◆ How to complete this task:
Produce a copy of every line in the records that holds the string "Goods".

▽

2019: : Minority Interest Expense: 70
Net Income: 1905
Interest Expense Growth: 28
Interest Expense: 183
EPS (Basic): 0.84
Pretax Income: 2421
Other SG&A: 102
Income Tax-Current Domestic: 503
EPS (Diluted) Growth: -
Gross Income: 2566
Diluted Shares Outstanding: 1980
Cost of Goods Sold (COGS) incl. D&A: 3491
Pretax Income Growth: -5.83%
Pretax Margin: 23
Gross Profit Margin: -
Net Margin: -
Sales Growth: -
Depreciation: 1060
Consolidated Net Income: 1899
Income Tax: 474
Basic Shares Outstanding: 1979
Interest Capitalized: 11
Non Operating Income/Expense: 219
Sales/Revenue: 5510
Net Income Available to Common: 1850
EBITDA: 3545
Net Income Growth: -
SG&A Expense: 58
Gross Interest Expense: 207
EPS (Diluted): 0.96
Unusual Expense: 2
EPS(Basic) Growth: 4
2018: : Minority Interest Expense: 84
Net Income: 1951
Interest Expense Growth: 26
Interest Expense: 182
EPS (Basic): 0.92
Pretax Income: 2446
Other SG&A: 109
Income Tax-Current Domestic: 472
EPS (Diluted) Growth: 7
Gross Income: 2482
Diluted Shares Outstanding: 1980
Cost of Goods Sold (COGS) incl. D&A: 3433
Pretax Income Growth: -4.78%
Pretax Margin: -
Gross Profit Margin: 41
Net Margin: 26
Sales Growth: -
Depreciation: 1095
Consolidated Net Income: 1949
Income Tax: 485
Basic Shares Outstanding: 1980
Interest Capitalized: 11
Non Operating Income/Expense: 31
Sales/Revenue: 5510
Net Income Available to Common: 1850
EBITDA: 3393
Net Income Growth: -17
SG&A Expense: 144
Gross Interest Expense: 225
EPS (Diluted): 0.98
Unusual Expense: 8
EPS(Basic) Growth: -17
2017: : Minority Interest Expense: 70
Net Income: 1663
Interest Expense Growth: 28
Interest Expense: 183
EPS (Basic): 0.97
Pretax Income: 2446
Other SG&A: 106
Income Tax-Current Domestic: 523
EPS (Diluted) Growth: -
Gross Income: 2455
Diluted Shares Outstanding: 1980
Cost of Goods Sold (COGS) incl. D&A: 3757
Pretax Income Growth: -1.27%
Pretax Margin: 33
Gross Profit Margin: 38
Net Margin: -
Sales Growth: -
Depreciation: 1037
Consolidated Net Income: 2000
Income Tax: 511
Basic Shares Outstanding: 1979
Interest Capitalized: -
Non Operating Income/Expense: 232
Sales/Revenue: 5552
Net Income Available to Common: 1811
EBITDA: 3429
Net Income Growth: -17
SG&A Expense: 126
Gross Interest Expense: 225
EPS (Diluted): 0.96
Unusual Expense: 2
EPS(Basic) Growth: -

△

◆ Reply:
Cost of Goods Sold (COGS) incl. D&A: 3491
Cost of Goods Sold (COGS) incl. D&A: 3433
Cost of Goods Sold (COGS) incl. D&A: 3757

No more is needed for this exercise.